6. Understanding Cluster Components
Data Movement from NFS to CPU
Imagine you write a R or Python program that loads and filters a CSV file. When working on a research computing cluster (the Yens), it’s essential to understand how data moves from ZFS to the processing unit (CPU) on a particular Yen computer (also called node or server) that will load and process the CSV file (the data).
Key Components
- CPU (Central Processing Unit): The primary component that processes instructions and data.
- RAM (Random Access Memory): Temporary storage that provides fast access to data for the CPU. There is a memory hierarchy with fastest but smallest registers that are closest to the CPU but hold the least amount of data for processing to the largest main memory (RAM) that is further from the CPU.
- Storage: On the Yens, storage is a Network File System (NFS), called ZFS. Storage, also called disk(s) or hard drive(s), allows multiple computers (Yen nodes) to access files (i.e., CSV file) over a network as if they were on the local hard drive. Storage medium can be:
- Hard disk drives, HDDs (“spinning disks”), which are slower to access but cheaper because they have moving parts
- Solid-state drives, SSDs (flash-based) which are more expensive but offer faster data read/writes
For example, ZFS project spaces use HDDs but local to each node, we have SSDs which can be accessed at /tmp path where a running program can output temporary files and read and write them very quickly.

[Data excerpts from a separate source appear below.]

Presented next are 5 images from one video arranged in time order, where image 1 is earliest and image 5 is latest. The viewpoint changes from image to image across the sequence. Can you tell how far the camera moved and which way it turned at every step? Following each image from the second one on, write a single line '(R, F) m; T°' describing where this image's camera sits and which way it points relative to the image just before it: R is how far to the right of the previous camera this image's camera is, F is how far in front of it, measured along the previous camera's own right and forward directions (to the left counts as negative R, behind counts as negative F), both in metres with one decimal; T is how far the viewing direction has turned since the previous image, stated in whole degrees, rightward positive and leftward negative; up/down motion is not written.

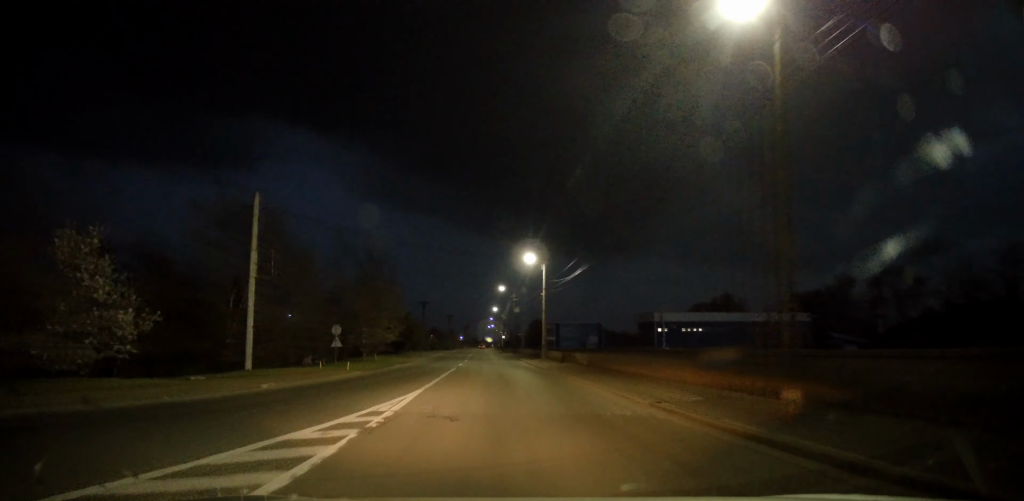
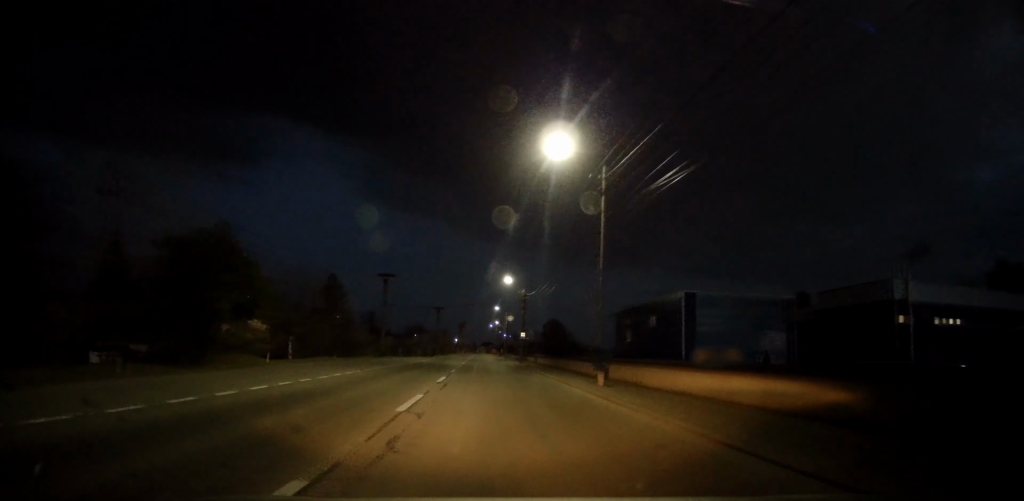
(-1.1, +52.2) m; -1°
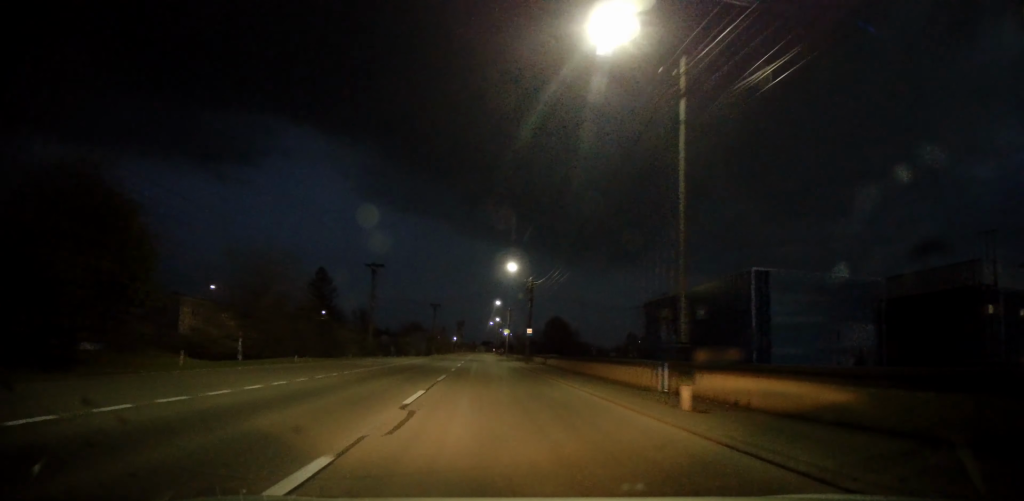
(+0.1, +8.2) m; 0°
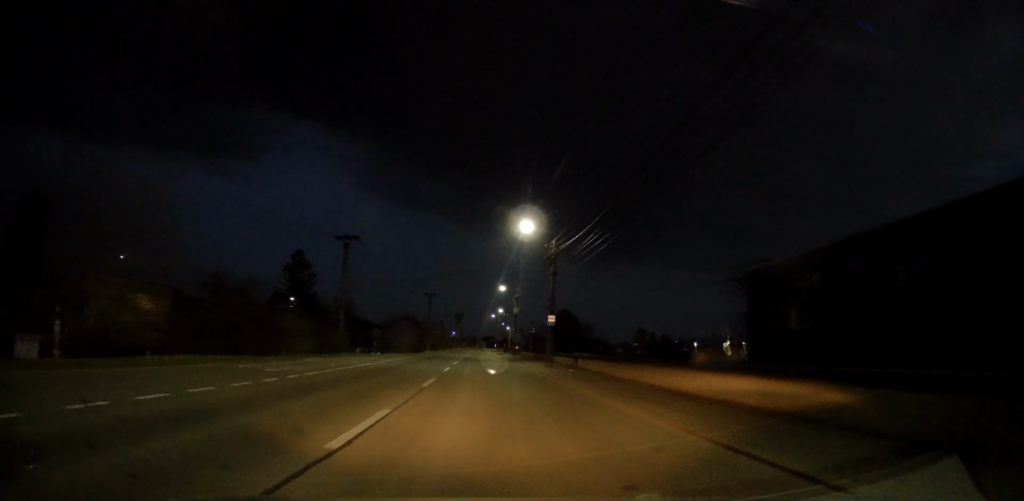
(+0.1, +14.6) m; -1°
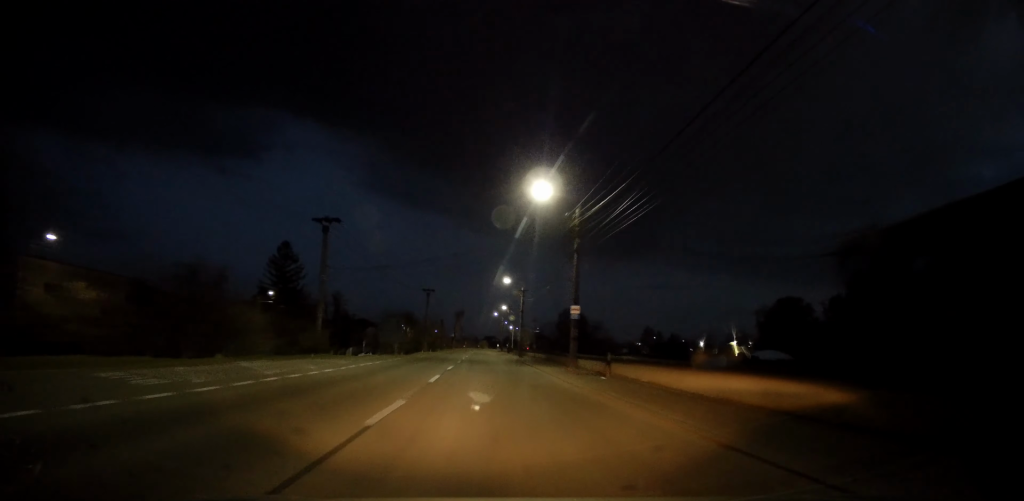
(+0.1, +7.9) m; -1°

You can check available space at /tmp on that particular yen node with:
df -h /tmp
Kitchen Analogy
Imagine the Yens as a kitchen:
- CPU (Stove): The CPU is like the stove in your kitchen. It has multiple burners (cores) that allow you to cook multiple dishes (process tasks) simultaneously. Each burner can operate independently, just as each CPU core can process different instructions at the same time. When cooking a meal (processing a task), you bring ingredients to the stove (from fridge if the meal is small, from the store when cooking a large meal, or drawer when using frequenty used ingredients).
- CPU Registers (Ingredients in Hand): Registers are like the ingredients you hold in your hand while cooking. They are the quickest to access and use, but you can only hold a small amount at a time.
- L1 Cache (Spice Rack Next to Stove): The L1 cache is like a spice rack right next to your stove. It stores a small amount of frequently used ingredients, making them very quick to access.
- L2 Cache (Drawer by the Stove): The L2 cache is like a drawer by the stove where you keep utensils and slightly larger quantities of frequently used items. It’s a bit further away than the spice rack but still very accessible.
- L3 Cache (Cabinet Near the Stove): The L3 cache is like a cabinet near the stove. It stores larger quantities of ingredients and tools that you use often but not as frequently as those in the L1 and L2 caches.
- RAM (Fridge): The RAM is like your fridge. It stores all the ingredients you need for your recipes, making them quickly accessible compared to going to the grocery store. You can store a fair amount of items, but there’s a limit to how much you can keep in the fridge at once.
- ZFS (Grocery Store): Storage is like the grocery store where all your ingredients are stored. Retrieving ingredients from the store requires time and effort, similar to accessing data from the NFS.
- Network (Highway): Highway from your house to the grocery store with certain number of lanes and speed limit that determine how fast you can get to the store and back.
- Network Latency (Speed Limit): The time it takes (dependent on the speed limit and traffic congestion) for you to drive to the grocery store and back. Lower latency means you can transport ingredients more quickly.
- Network Bandwidth (Number of Lanes): The number of lanes on the highway to the grocery store. Higher bandwidth means you can move more data at once. In our analogy, this means you can transport ingredients in larger quantities.